Debt collector di depan saya terus mendesak, meminta jawaban.
Namun, nadanya tak sekeras tadi. Mungkin kasihan melihat perut saya yang
membukit.
Ya, saya sedang hamil delapan bulan. Perut saya terasa
berkontraksi. Lagi dan lagi. Saya meringis. Jangan lahir sekarang, Nak. Belum
waktunya kamu melihat dunia.
Gali Lubang Tutup Lubang Karena Utang
Tahun 2006-2007 mengawali beberapa tahun gelap dalam hidup
saya. Perekonomian kami mulai goyah. Suami keluar dari pekerjaannya dan tak
kunjung mendapat pekerjaan tetap. Ditambah lagi konflik dengan keluarga besar
yang makin tajam.
Dan tak diduga, Allah menitipkan kehidupan di rahim saya saat
itu. Saya hamil anak kedua ketika si sulung baru beberapa bulan di TK.
Kehamilan itu membuat saya harus menghentikan kegiatan
membuat kue. Jangankan membuat kue, mencium aroma margarin dann melihat terigu saja
saya muntah.
Masalah keuangan tak kunjung usai.

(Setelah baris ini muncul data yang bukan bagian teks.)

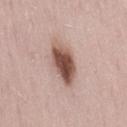Q: Was a biopsy performed?
A: no biopsy performed (imaged during a skin exam)
Q: How large is the lesion?
A: about 5 mm
Q: What is the imaging modality?
A: 15 mm crop, total-body photography
Q: What did automated image analysis measure?
A: a lesion area of about 11 mm², an outline eccentricity of about 0.85 (0 = round, 1 = elongated), and a shape-asymmetry score of about 0.2 (0 = symmetric); an average lesion color of about L≈51 a*≈20 b*≈24 (CIELAB), roughly 18 lightness units darker than nearby skin, and a normalized lesion–skin contrast near 12; border irregularity of about 2.5 on a 0–10 scale, a color-variation rating of about 6.5/10, and a peripheral color-asymmetry measure near 2.5
Q: Patient demographics?
A: female, aged approximately 30
Q: What lighting was used for the tile?
A: white-light
Q: Lesion location?
A: the lower back
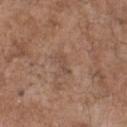Assessment: This lesion was catalogued during total-body skin photography and was not selected for biopsy. Clinical summary: Measured at roughly 2.5 mm in maximum diameter. A male patient, aged 68 to 72. An algorithmic analysis of the crop reported a border-irregularity index near 5/10, a color-variation rating of about 0/10, and radial color variation of about 0. From the chest. A 15 mm close-up extracted from a 3D total-body photography capture. This is a white-light tile.
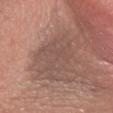workup = total-body-photography surveillance lesion; no biopsy
acquisition = 15 mm crop, total-body photography
location = the right forearm
subject = female, about 50 years old
lighting = white-light illumination

Hingga kemudian suami
memutuskan untuk meminjam uang ke sebuah lembaga keuangan. Ngutang.
Masalah selesai?
Tidak. Itu justru babak baru dari masalah yang harus
dihadapi. Utang itu berbunga dan harus dibayar. Padahal, tak ada uang masuk
untuk membayarnya.
Akhirnya, ngutang lagi. Kali ini ke lembaga keuangan lainnya
dengan menjaminkan rumah. Ya, rumah yang belum dua tahun selesai kami cicil.
Rumah dan tanah seluas 150 meter persegi digadaikan untuk
meminjam uang Rp 30 juta. Harga rumah dan tanah jelas jauh di atas itu.
Lagi-lagi pembayaran utang itu macet. Lalu giliran tanah 60
meter persegi di blok belakang yang digadaikan.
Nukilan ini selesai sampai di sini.